Records from a collection —
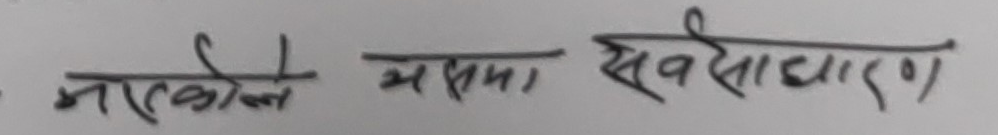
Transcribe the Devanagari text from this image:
भएकोले यसमा सर्वसाधारण
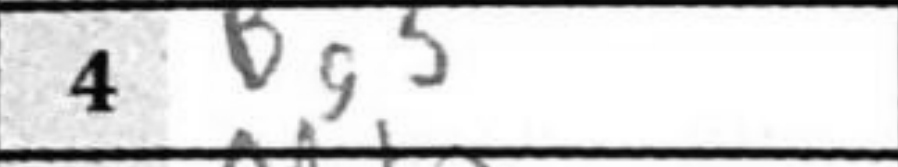
Transcription: Bg5
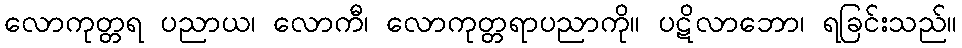
လောကုတ္တရ ပညာယ၊ လောကီ၊ လောကုတ္တရာပညာကို။ ပဋိလာဘော၊ ရခြင်းသည်။
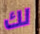
لك
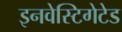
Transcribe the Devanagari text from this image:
इनवेस्टिगेटेड
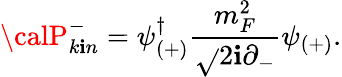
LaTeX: {\calP}_{k\mathbf{i}n}^{-}=\psi_{(+)}^{\dagger}\frac{{m_{F}^{2}}}{{\sqrt{}{{2}}\mathbf{i}\partial_{-}}}\psi_{(+)}.
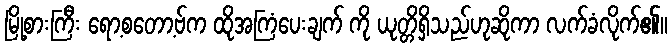
မြို့စားကြီး ရော့စတော့ဗ်က ထိုအကြံပေးချက် ကို ယုတ္တိရှိသည်ဟုဆိုကာ လက်ခံလိုက်၏။
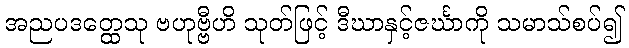
အညပဒတ္ထေသု ဗဟုဗ္ဗီဟိ သုတ်ဖြင့် ဒီဃာနှင့်ဇင်္ဃာကို သမာသ်စပ်၍
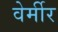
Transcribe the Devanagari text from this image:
वेर्मीर
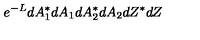
e ^ { - L } d A _ { 1 } ^ { * } d A _ { 1 } d A _ { 2 } ^ { * } d A _ { 2 } d Z ^ { * } d Z
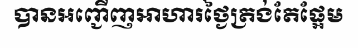
បានអញ្ជើញអាហារថ្ងៃត្រង់តែផ្អែម
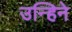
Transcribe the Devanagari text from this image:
उन्हिने
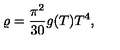
\varrho = \frac { \pi ^ { 2 } } { 3 0 } g ( T ) T ^ { 4 } ,
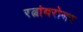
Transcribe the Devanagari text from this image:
रत्नांबरोबर
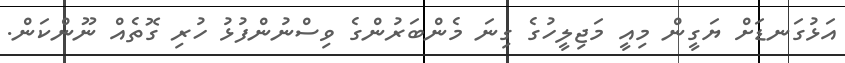
އަޅުގަނޑަށް ޔަގީން މިއީ މަޖިލީހުގެ ގިނަ މެންބަރުންގެ ވިސްނުންފުޅު ހުރި ގޮތެއް ނޫންކަން.
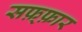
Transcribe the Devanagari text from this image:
सफ़्फ़ार
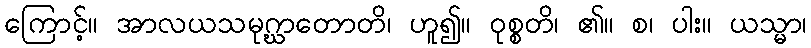
ကြောင့်။ အာလယသမုဂ္ဃာတောတိ၊ ဟူ၍။ ဝုစ္စတိ၊ ၏။ စ၊ ပါး။ ယသ္မာ၊
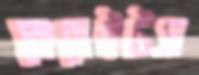
ব্রোমেইটস
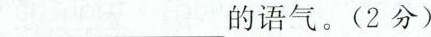
___的语气。（2分）
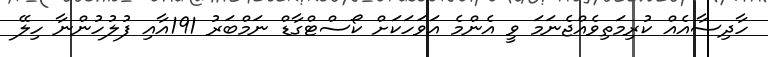
ހާދިސާއެއް ކުރިމަތިވެއްޖެނަމަ ވީ އެންމެ އަވަހަކަށް ކޯސްޓްގާޑް ނަމްބަރު 191އާއި ފުލުހުންނާ ހިލޭ
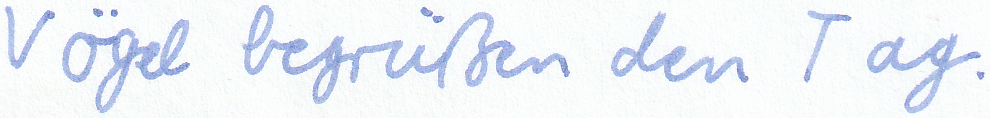
Vögel begrüßen den Tag.
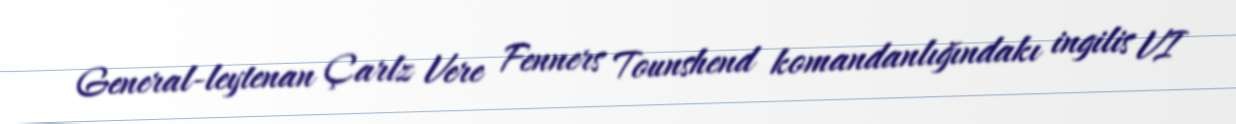
General-leytenan Çarlz Vere Fenners Tounshend komandanlığındakı ingilis VI
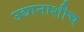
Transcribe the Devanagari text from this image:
उद्यानाशीच
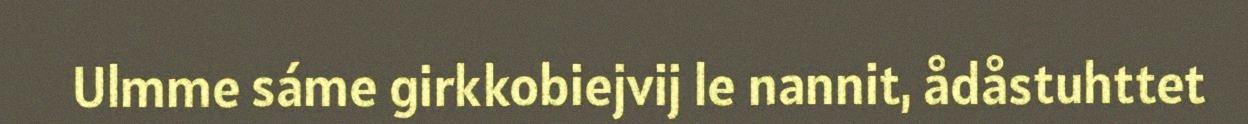
Ulmme sáme girkkobiejvij le nannit, ådåstuhttet
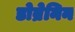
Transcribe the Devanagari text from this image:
डोब्रेनिन
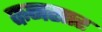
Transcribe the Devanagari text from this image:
कनसार
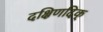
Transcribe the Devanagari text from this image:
दक्षिणदिक्
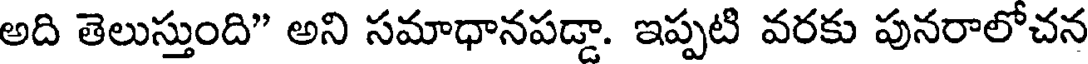
అది తెలుస్తుంది" అని సమాధానపడ్డా. ఇప్పటి వరకు పునరాలోచన

Problem —
The task calls for repeating each line above exactly while excluding the pictures.

Output of the task —
Transcribe the Devanagari text from this image:
भएकोले यसमा सर्वसाधारण
Transcription: Bg5
လောကုတ္တရ ပညာယ၊ လောကီ၊ လောကုတ္တရာပညာကို။ ပဋိလာဘော၊ ရခြင်းသည်။
لك
Transcribe the Devanagari text from this image:
इनवेस्टिगेटेड
LaTeX: {\calP}_{k\mathbf{i}n}^{-}=\psi_{(+)}^{\dagger}\frac{{m_{F}^{2}}}{{\sqrt{}{{2}}\mathbf{i}\partial_{-}}}\psi_{(+)}.
မြို့စားကြီး ရော့စတော့ဗ်က ထိုအကြံပေးချက် ကို ယုတ္တိရှိသည်ဟုဆိုကာ လက်ခံလိုက်၏။
အညပဒတ္ထေသု ဗဟုဗ္ဗီဟိ သုတ်ဖြင့် ဒီဃာနှင့်ဇင်္ဃာကို သမာသ်စပ်၍
Transcribe the Devanagari text from this image:
वेर्मीर
e ^ { - L } d A _ { 1 } ^ { * } d A _ { 1 } d A _ { 2 } ^ { * } d A _ { 2 } d Z ^ { * } d Z
បានអញ្ជើញអាហារថ្ងៃត្រង់តែផ្អែម
Transcribe the Devanagari text from this image:
उन्हिने
\varrho = \frac { \pi ^ { 2 } } { 3 0 } g ( T ) T ^ { 4 } ,
Transcribe the Devanagari text from this image:
रत्नांबरोबर
އަޅުގަނޑަށް ޔަގީން މިއީ މަޖިލީހުގެ ގިނަ މެންބަރުންގެ ވިސްނުންފުޅު ހުރި ގޮތެއް ނޫންކަން.
Transcribe the Devanagari text from this image:
सफ़्फ़ार
ကြောင့်။ အာလယသမုဂ္ဃာတောတိ၊ ဟူ၍။ ဝုစ္စတိ၊ ၏။ စ၊ ပါး။ ယသ္မာ၊
ব্রোমেইটস
___的语气。（2分）
ހާދިސާއެއް ކުރިމަތިވެއްޖެނަމަ ވީ އެންމެ އަވަހަކަށް ކޯސްޓްގާޑް ނަމްބަރު 191އާއި ފުލުހުންނާ ހިލޭ
Vögel begrüßen den Tag.
General-leytenan Çarlz Vere Fenners Tounshend komandanlığındakı ingilis VI
Transcribe the Devanagari text from this image:
उद्यानाशीच
Ulmme sáme girkkobiejvij le nannit, ådåstuhttet
Transcribe the Devanagari text from this image:
डोब्रेनिन
Transcribe the Devanagari text from this image:
कनसार
Transcribe the Devanagari text from this image:
दक्षिणदिक्
అది తెలుస్తుంది" అని సమాధానపడ్డా. ఇప్పటి వరకు పునరాలోచన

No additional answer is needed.